#### What you need to do:
Whichever lines include the word "བསམས", copy them as they appear in the data.

Collection entries
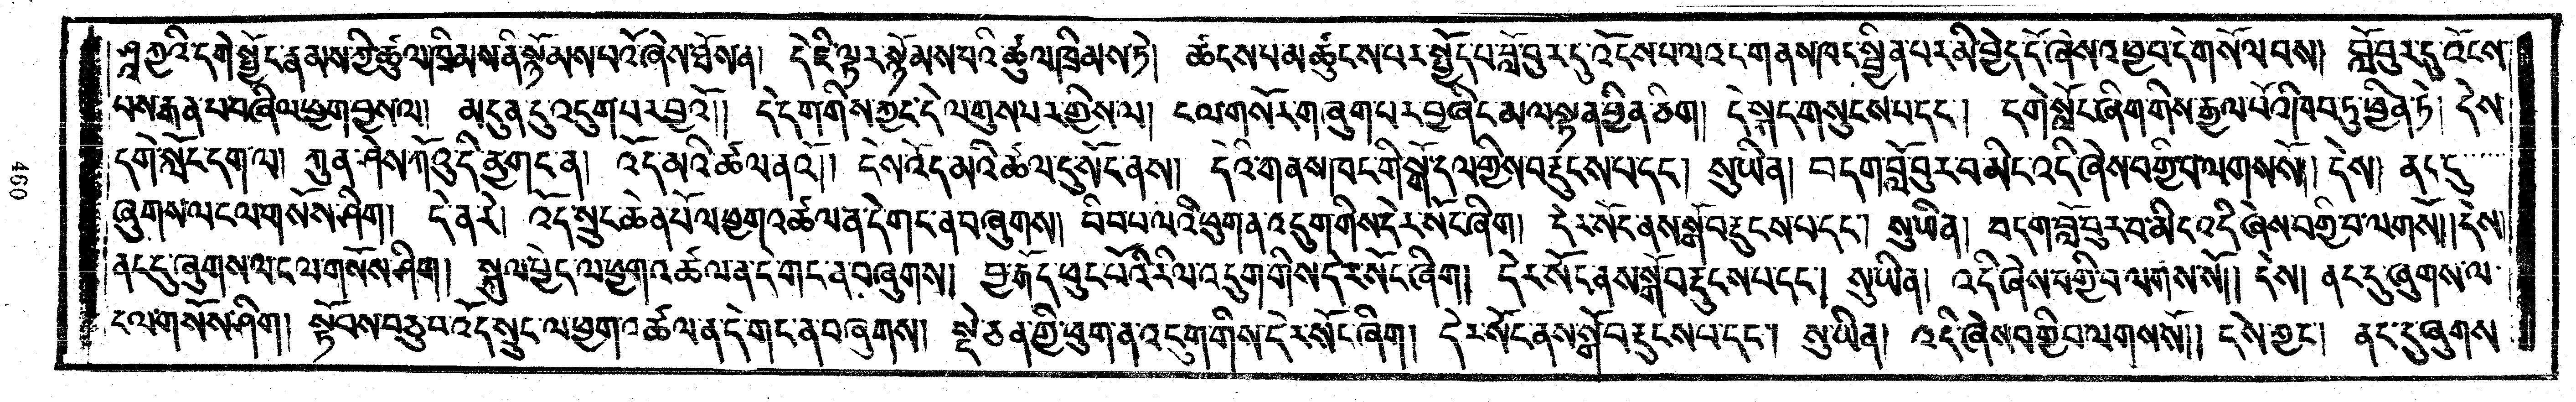ཤཱཀྱའི་དགེ་སྦྱོང་རྣམས་ཀྱི་ཚུལ་ཁྲིམས་ནི་སྙོམས་པའོ་ཞེས་ཐོས་ན། དེ་ཇི་ལྟར་སྙོམས་པའི་ཚུལ་ཁྲིམས་ཏེ། ཚངས་པ་མཚུངས་པར་སྤྱོད་པ་བློ་བུར་འོངས་པ་ལའང་གནས་ཁང་སྦྱིན་པར་མི་བྱེད་དོ་ཞེས་འཕྱ་བ་དེ་གསོལ་བས། བློ་བུར་དུ་འོངས་
པས་རྒན་པ་བཞི་ལ་ཕྱག་བྱས་ལ། མདུན་དུ་འདུག་པར་བྱའོ།། དེ་དག་གིས་ཀྱང་དེ་ལ་གུས་པར་གྱིས་ལ། ངལ་གསོར་གཞུག་པར་བྱ་ཞིང་མལ་སྟན་བྱིན་ཅིག། དེ་སྐད་གསུངས་པ་དང་། དགེ་སློང་ཞིག་གིས་རྒྱལ་པོའི་ཁབ་ཏུ་ཕྱིན་ཏེ། དེས་
དགེ་སློང་དག་ལ། ཀུན་ཤེས་ཀོའུ་དི་ནྱ་གང་ན། འོད་མའི་ཚལ་ནའོ།། ངེས་འོད་མའི་ཚལ་དུ་སོང་ནས། དེའི་གནས་ཁང་གི་སྒོ་དལ་གྱིས་བརྡུངས་པ་དང་། སུ་ཡིན། བདག་བློ་བུར་བ་མིང་འདི་ཞེས་བགྱི་བ་ལགས་སོ།། དེས། ནང་དུ་
ཞུགས་ལ་ངལ་གསོས་ཤིག། དེ་ན་རེ། འོད་སྲུང་ཆེན་པོ་ལ་ཕྱག་འཚལ་ན་དེ་གང་ན་བཞུགས། བིབ་པ་ལའི་ཕུག་ན་འདུག་གིས་དེར་སོང་ཞིག། དེར་སོང་ནས་སྒོ་བརྡུངས་པ་དང་། སུ་ཡིན། བདག་བློ་བུར་བ་མིང་འདི་ཞེས་བགྱི་བ་ལགས་སོ། །དེས་
ནང་དུ་ཞུགས་ལ་ངལ་གསོས་ཤིག། སྐུལ་བྱེད་ལ་ཕྱག་འཚལ་ན་དེ་གང་ན་བཞུགས། བྱ་རྒོད་ཕུང་པོའི་རིལ་འདུག་གིས་དེར་སོང་ཞིག། དེར་སོང་ནས་སྒོ་བརྡུངས་པ་དང་། སུ་ཡིན། འདི་ཞེས་བགྱི་བ་ལགས་སོ།། དེས། ནང་དུ་ཞུགས་ལ་
ངལ་གསོས་ཤིག། སྟོབས་བཅུ་འོད་སྲུང་ལ་ཕྱག་འཚལ་ན་དེ་གང་ན་བཞུགས། སྡེ་ཅན་གྱི་ཕུག་ན་འདུག་གིས་དེར་སོང་ཞིག །དེར་སོང་ནས་སྒོ་བརྡུངས་པ་དང་། སུ་ཡིན། འདི་ཞེས་བགྱི་བ་ལགས་སོ། །དེས་ཀྱང་། ནང་དུ་ཞུགས་
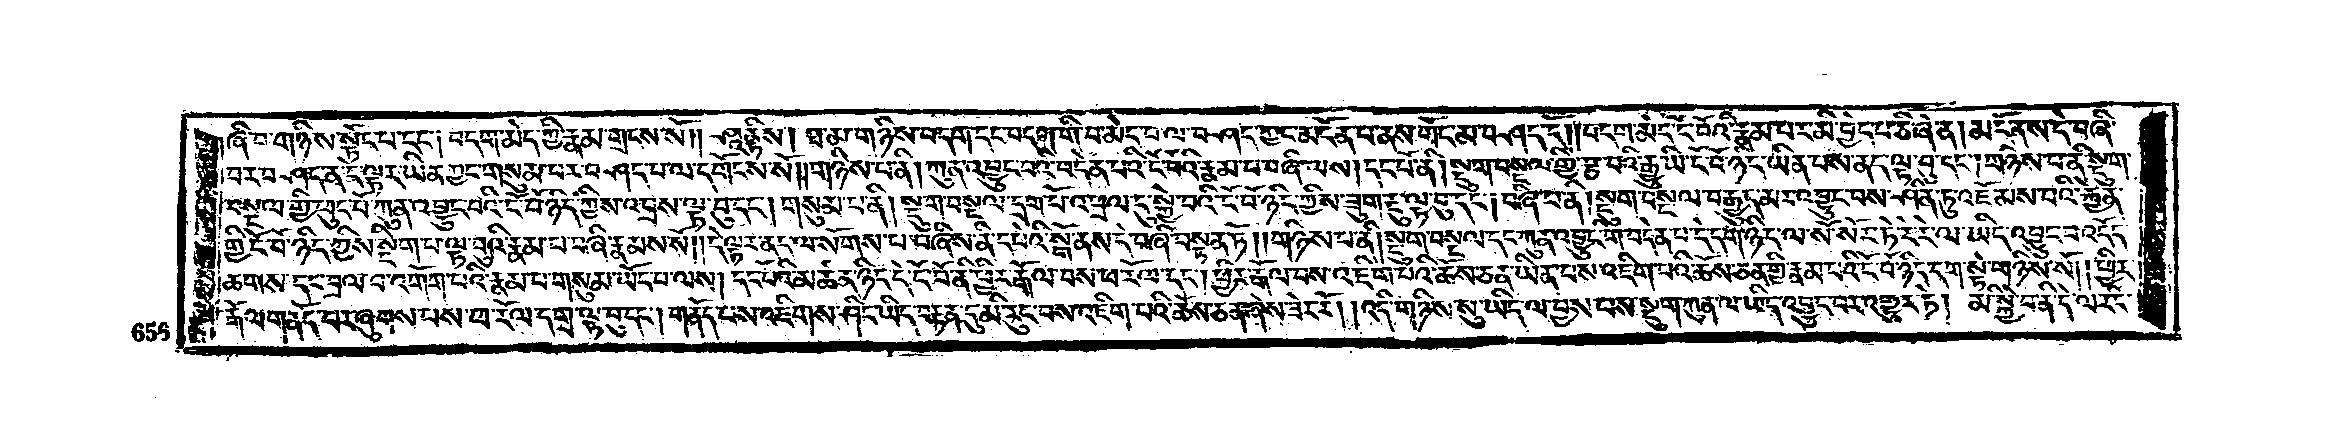ཞི་བ་གཉིས་སྟོང་པ་དང་། བདག་མེད་ཀྱི་རྣམ་གྲངས་སོ། །ཤཱནྟིས། ཐ་མ་གཉིས་བདག་དང་བདག་གི་བ་མེད་པ་ལ་བཤད་ཀྱང་མངོན་པ་ནས་གོང་མ་བཤད་དོ། །བདག་མེད་ངོ་བོའི་རྣམ་པར་མི་བྱེད་པ་ཅི་ཞེ་ན། མདོ་ནས་དེ་བཞི་
བར་བཤད་ན་དེ་ལྟར་ཡིན་ཀྱང་གསུམ་པར་བཤད་པ་ལ་དགོངས་སོ། །གཉིས་པ་ནི། ཀུན་འབྱུང་བའི་བདེན་པའི་ངོ་བོའི་རྣམ་པ་བཞི་ལས། དང་པོ་ནི། སྡུག་བསྔལ་གྱི་རྩ་བའི་རྒྱུ་ཡི་ངོ་བོ་ཉིད་ཡིན་པས་ནད་ལྟ་བུ་དང་། གཉིས་པ་ན་སྡུག་
བསྔལ་གྱི་ཕུང་པོ་ཀུན་འབྱུང་བའི་ངོ་བོ་ཉིད་ཀྱིས་འབྲས་ལྟ་བུ་དང་། གསུམ་པ་ནི། སྡུག་བསྔལ་དྲག་པོ་འཕྲལ་དུ་སྐྱེ་བའི་ངོ་བོ་ཉིད་ཀྱིས་ཟུག་རྡུ་ལྟ་བུ་དང་། བཞི་པ་ནི། སྡུག་བསྔལ་བརྒྱུད་མར་འབྱུང་བས་ཤིན་ཏུ་འཇོམས་པའི་རྐྱེན་
གྱི་ངོ་བོ་ཉིད་ཀྱིས་སྡིག་པ་ལྟ་བུའི་རྣམ་པ་བཞི་རྣམས་སོ། །དེ་ལྟར་ནད་ལ་སོགས་པ་བཞིས་ནི་དཔའི་སྒོ་ནས་དེ་བཞི་བསྟན་ཏོ། །གཉིས་པ་ནི། སྡུག་བསྔལ་དང་ཀུན་འབྱུང་གི་བདེན་པ་དེ་དག་ཉིད་ལ་སོ་སོར་ཏེ་རེ་རེ་ལ་ཡིད་འབྱུང་བ་འདོད་
ཆགས་དང་བྲལ་བ་འགོག་པའི་རྣམ་པ་གསུམ་ཡོད་པ་ལས། དང་པོའི་མཚན་ཉིད་དེ་ངོ་བོ་ནི་ཕྱིར་རྒོལ་བས་ཕ་རོལ་དང་། ཕྱིར་རྒོལ་བས་འཇིག་པའི་ཆོས་ཅན་ཡིན་པས་འཇིག་པའི་ཆོས་ཅན་གྱི་རྣམ་པའི་ངོ་བོ་ཉིད་དག་སྟེ་གཉིས་སོ། །ཕྱིར་
རྒོལ་གནོད་པར་ཞུགས་པས་ཕ་རོལ་དགྲ་ལྟ་བུ་དང་། གནོད་པས་འཇིགས་ཤིང་ཡིད་བརྟན་དུ་མི་རུང་བས་འཇིག་པའི་ཆོས་ཅན་ཞེས་ཟེར་རོ། །འདི་གཉིས་སུ་ཡིད་ལ་བྱས་པས་སྡུག་ཀུན་ལ་ཡིད་འབྱུང་བར་འགྱུར་ཏེ། མི་སྐྱེ་བ་ནི་དེ་ལ་རིང་
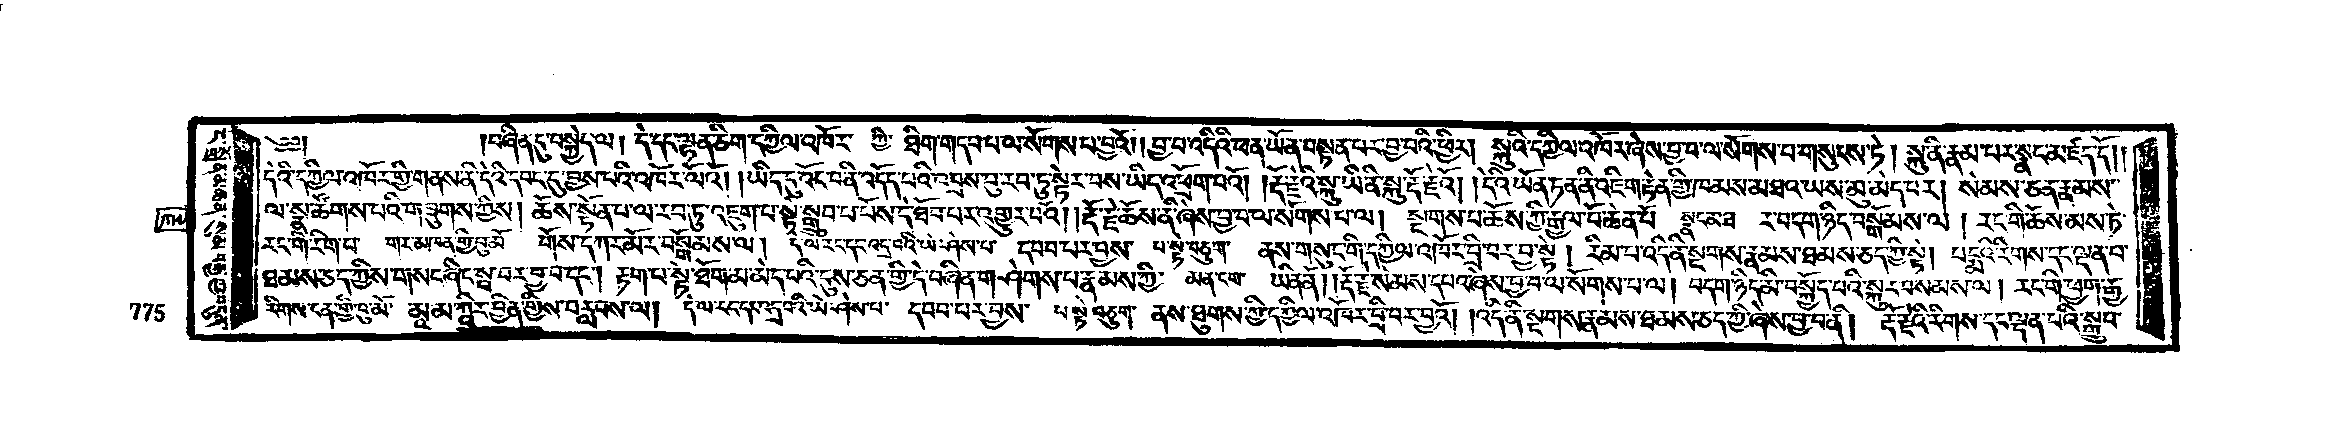༄༅། །བཞིན་དུ་བསྐྱེད་ལ། དེ་དང་ལྷན་ཅིག་དཀྱིལ་འཁོར་ཀྱི་ཐིག་གདབ་པ་ལ་སོགས་པ་བྱའོ། །བྱ་བ་འདིའི་ཕན་ཡོན་བསྟན་པར་བྱ་བའི་ཕྱིར། སྐུའི་དཀྱིལ་འཁོར་ཞེས་བྱ་བ་ལ་སོགས་པ་གསུངས་ཏེ། སྐུ་ནི་རྣམ་པར་སྣང་མཛད་དོ།།
དེའི་དཀྱིལ་འཁོར་གྱི་གནས་ནི་དེའི་དབང་དུ་བྱས་པའི་འཁོར་ལོའོ། །ཡིད་དུ་འོང་བ་ནི་འདོད་པའི་འབྲས་བུ་རབ་ཏུ་སྟེར་བས་ཡིད་འཕྲོག་པའོ། །རྡོ་རྗེའི་སྐུ་ཡི་ནི་སྐུ་རྡོ་རྗེའོ། །དེའི་ཡོན་ཏན་ནི་འཇིག་རྟེན་གྱི་ཁམས་མཐའ་ཡས་མུ་མེད་པར། སེམས་ཅན་རྣམས་
ལ་སྣ་ཚོགས་པའི་གཟུགས་ཀྱིས། ཆོས་སྟོན་པ་ལ་རབ་ཏུ་འཇུག་པ་སྟེ་སྒྲུབ་པ་པོས་དེ་ཐོབ་པར་འགྱུར་བའོ། །རྡོ་རྗེ་ཆོས་ནི་ཞེས་བྱ་བ་ལ་སོགས་པ་ལ། སྔགས་པ་ཆོས་ཀྱི་རྒྱལ་པོ་ཆེན་པོ་སྣང་མཐར་བདག་ཉིད་བསྒོམས་ལ། རང་གི་ཆོས་མས་ཏེ་
རང་གི་རིག་པ་གར་མཁན་གྱི་བུ་མོ་གོས་དཀར་མོར་བསྒོམས་ལ། དེ་ལ་རང་དང་འདྲ་བའི་ཡེ་ཤེས་པ་དབབ་པར་བྱས་པ་སྟེ་བཅུག་ནས་གསུང་གི་དཀྱིལ་འཁོར་བྲི་བར་བྱ་སྟེ། རིམ་པ་འདི་ནི་སྔགས་རྣམས་ཐམས་ཅད་ཀྱི་སྟེ། པདམའི་རིགས་དང་ལྡན་པ་
ཐམས་ཅད་ཀྱིས་གསང་ཞིང་སྦ་བར་བྱ་བ་དང་། རྟག་པ་སྟེ་ཐོག་མ་མེད་པའི་དུས་ཅན་གྱི་དེ་བཞིན་གཤེགས་པ་རྣམས་ཀྱི་མན་ངག་ཡིན་ནོ། །རྡོ་རྗེ་སེམས་དཔའ་ཞེས་བྱ་བ་ལ་སོགས་པ་ལ། བདག་ཉིད་མི་བསྐྱོད་པའི་སྐུར་བསམས་ལ། རང་གི་ཕྱག་རྒྱ་
རིགས་ངན་གྱི་བུ་མོ་མཱ་མ་ཀཱིར་བྱིན་གྱིས་བརླབས་ལ། དེ་པ་ངང་དང་འདྲ་བའི་ཡེ་ཤེས་པ་དབབ་པར་བྱས་པ་སྟེ་བཅུག་ནས་ཐུགས་ཀྱི་དཀྱིལ་འཁོར་བྲི་བར་བྱའོ། །འདི་ནི་སྔགས་རྣམས་ཐམས་ཅད་ཀྱི་ཞེས་བྱ་བ་ནི། རྡོ་རྗེའི་རིགས་དང་ལྡན་པའི་སྒྲུབ་
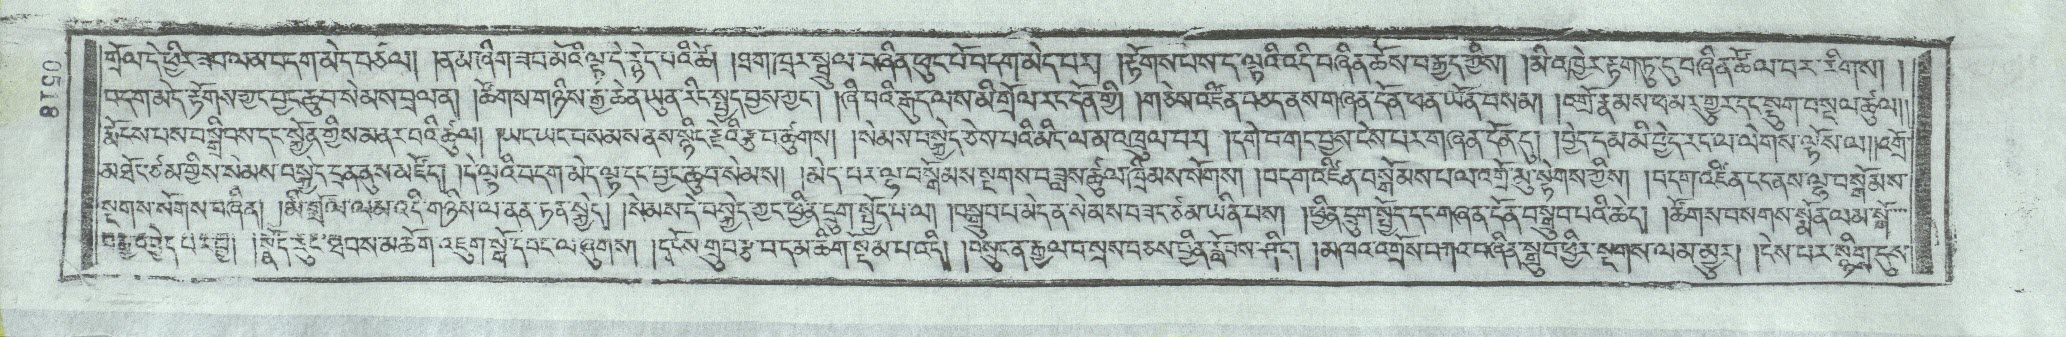གྲོལ་དེ་ཕྱིར་ཟབ་ལམ་བདག་མེད་བཙལ། །ནམ་ཞིག་ཟབ་མོའི་ལྟ་དེ་རྙེད་པའི་ཚེ། །ཐག་ཁྲར་སྦྲུལ་བཞིན་ཕུང་པོ་བདག་མེད་པར། །རྟོགས་པས་ད་ལྟའི་འདི་བཞིན་ཆོས་བརྒྱད་ཀྱིས། །མི་འཁྱེར་རྟག་ཏུ་དུ་བཞིན་ཚོལ་བར་རིགས། །
བདག་མེད་རྟོགས་ཀྱང་བྱང་ཆུབ་སེམས་བྲལ་ན། །ཚོགས་གཉིས་རྒྱ་ཆེན་ཡུན་རིང་སྤྱད་བྱས་ཀྱང་། །ཞི་བའི་རྒུད་ལས་མི་གྲོལ་རང་དོན་གྱི། །གཅེས་འཛིན་བཅད་ནས་གཞན་དོན་ཕན་ཡོན་བསམ། །འགྲོ་རྣམས་ཕ་མར་གྱུར་དང་སྡུག་བསྔལ་ཚུལ། །
རྨོངས་པས་བསྒྲིབས་དང་སྐྱོན་གྱིས་མནར་བའི་ཚུལ། །ཡང་ཡང་བསམས་ནས་སྙིང་རྗེའི་རྩ་བ་ཚུགས། །སེམས་བསྐྱེད་ཅེས་པའི་མིང་ལ་མ་འཁྲུལ་པར། །དགེ་བ་གང་བྱས་ངེས་པར་གཞན་དོན་དུ། །བྱེད་དམ་མི་བྱེད་རང་ལ་ལེགས་ལྟོས་ལ། །འགྲོ་
མཐོང་ཙམ་གྱིས་སེམས་བསྐྱེད་དྲན་ནུས་མཛོད། །དེ་ལྟའི་བདག་མེད་ལྟ་དང་བྱང་ཆུབ་སེམས། །མེད་པར་ལྷ་བསྒོམས་སྔགས་བཟླས་ཚུལ་ཁྲིམས་སོགས། །བདག་འཛིན་བསྒོམས་པ་ལ་འགྲོ་མུ་སྟེགས་ཀྱིས། །བདག་འཛིན་ངང་ནས་ལྟ་བསྒོམས་
སྔགས་སོགས་བཞིན། །མི་གྲོལ་ལམ་འདི་གཉིས་ལ་ནན་ཏན་སྐྱེད། །སེམས་དེ་བསྐྱེད་ཀྱང་ཕྱིན་དྲུག་སྤྱོད་པ་ལ། །བསྒྲུབ་པ་མེད་ན་སེམས་བཟང་ཙམ་ཡིན་པས། །ཕྱིན་དྲུག་སྤྱོད་དང་གཞན་དོན་བསྒྲུབ་པའི་ཆེད། །ཚོགས་བསགས་སྨོན་ལམ་སྒོ་
བརྒྱ་འབྱེད་པར་བྱ། །སྣོད་རུང་ཐབས་མཆོག་འཇུག་སྒོ་དབང་ལ་ཞུགས། །དངོས་གྲུབ་རྩ་བ་དམ་ཚིག་སྡོམ་པ་འདི། །བསྲུང་ན་རྒྱལ་བ་སྲས་བཅས་བྱིན་རློབས་ཤིང་། །མཁའ་འགྲོས་བཀའ་བཞིན་སྒྲུབ་ཕྱིར་སྔགས་ལམ་མྱུར། །དེས་པར་སྙིགས་དུས་

#### Expected output:
ཐམས་ཅད་ཀྱིས་གསང་ཞིང་སྦ་བར་བྱ་བ་དང་། རྟག་པ་སྟེ་ཐོག་མ་མེད་པའི་དུས་ཅན་གྱི་དེ་བཞིན་གཤེགས་པ་རྣམས་ཀྱི་མན་ངག་ཡིན་ནོ། །རྡོ་རྗེ་སེམས་དཔའ་ཞེས་བྱ་བ་ལ་སོགས་པ་ལ། བདག་ཉིད་མི་བསྐྱོད་པའི་སྐུར་བསམས་ལ། རང་གི་ཕྱག་རྒྱ་
རྨོངས་པས་བསྒྲིབས་དང་སྐྱོན་གྱིས་མནར་བའི་ཚུལ། །ཡང་ཡང་བསམས་ནས་སྙིང་རྗེའི་རྩ་བ་ཚུགས། །སེམས་བསྐྱེད་ཅེས་པའི་མིང་ལ་མ་འཁྲུལ་པར། །དགེ་བ་གང་བྱས་ངེས་པར་གཞན་དོན་དུ། །བྱེད་དམ་མི་བྱེད་རང་ལ་ལེགས་ལྟོས་ལ། །འགྲོ་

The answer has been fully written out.